+++ Task material +++

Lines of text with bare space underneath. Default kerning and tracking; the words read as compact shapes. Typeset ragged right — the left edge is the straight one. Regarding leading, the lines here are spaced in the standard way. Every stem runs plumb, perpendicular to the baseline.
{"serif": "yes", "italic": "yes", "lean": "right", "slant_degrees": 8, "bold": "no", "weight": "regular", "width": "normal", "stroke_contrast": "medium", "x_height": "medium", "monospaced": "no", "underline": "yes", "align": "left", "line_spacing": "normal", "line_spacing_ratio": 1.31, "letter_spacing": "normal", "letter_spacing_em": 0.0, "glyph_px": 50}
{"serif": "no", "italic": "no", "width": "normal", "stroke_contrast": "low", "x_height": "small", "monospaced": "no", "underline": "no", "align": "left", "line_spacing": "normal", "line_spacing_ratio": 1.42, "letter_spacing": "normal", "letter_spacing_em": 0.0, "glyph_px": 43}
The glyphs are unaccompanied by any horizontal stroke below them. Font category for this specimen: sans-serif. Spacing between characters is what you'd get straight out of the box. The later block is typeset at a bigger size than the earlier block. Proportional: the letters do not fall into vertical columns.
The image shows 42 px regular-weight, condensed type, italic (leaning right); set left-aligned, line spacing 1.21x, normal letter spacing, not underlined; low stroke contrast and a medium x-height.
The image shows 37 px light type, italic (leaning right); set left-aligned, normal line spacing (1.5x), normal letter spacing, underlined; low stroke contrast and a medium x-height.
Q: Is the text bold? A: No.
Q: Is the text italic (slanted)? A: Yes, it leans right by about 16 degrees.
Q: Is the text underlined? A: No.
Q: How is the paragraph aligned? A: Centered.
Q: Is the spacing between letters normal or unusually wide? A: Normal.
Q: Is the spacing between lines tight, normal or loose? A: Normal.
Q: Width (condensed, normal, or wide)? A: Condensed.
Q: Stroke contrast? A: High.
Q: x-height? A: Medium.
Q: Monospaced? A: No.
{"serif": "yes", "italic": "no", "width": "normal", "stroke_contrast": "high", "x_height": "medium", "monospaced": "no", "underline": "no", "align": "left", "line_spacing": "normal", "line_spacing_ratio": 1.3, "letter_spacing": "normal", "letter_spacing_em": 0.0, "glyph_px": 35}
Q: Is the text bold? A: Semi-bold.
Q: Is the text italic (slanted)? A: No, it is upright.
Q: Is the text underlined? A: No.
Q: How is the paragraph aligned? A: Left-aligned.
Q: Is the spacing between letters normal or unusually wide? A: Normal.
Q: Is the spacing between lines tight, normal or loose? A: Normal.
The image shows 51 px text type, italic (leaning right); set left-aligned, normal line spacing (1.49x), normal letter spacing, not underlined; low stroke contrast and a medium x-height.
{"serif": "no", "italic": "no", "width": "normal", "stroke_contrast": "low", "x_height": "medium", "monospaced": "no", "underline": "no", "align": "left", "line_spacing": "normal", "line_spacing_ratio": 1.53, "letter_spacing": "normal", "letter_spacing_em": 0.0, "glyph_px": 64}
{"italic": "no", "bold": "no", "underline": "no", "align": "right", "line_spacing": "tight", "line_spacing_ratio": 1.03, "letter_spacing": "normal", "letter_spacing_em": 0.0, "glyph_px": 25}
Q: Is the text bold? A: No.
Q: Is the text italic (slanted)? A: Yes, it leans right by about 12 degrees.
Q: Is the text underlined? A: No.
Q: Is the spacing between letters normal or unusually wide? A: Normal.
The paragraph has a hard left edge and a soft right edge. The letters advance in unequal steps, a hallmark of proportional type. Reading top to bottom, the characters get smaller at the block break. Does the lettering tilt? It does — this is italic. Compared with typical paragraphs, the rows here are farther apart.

+++

» **What you have to do**:
Write out only the lines that run from the line containing "Q: Stroke contrast? A: High." through the line containing "Q: Is the text italic (slanted)? A: No, it", both included, exactly as they appear above.

» **Response to this task**:
Q: Stroke contrast? A: High.
Q: x-height? A: Medium.
Q: Monospaced? A: No.
{"serif": "yes", "italic": "no", "width": "normal", "stroke_contrast": "high", "x_height": "medium", "monospaced": "no", "underline": "no", "align": "left", "line_spacing": "normal", "line_spacing_ratio": 1.3, "letter_spacing": "normal", "letter_spacing_em": 0.0, "glyph_px": 35}
Q: Is the text bold? A: Semi-bold.
Q: Is the text italic (slanted)? A: No, it is upright.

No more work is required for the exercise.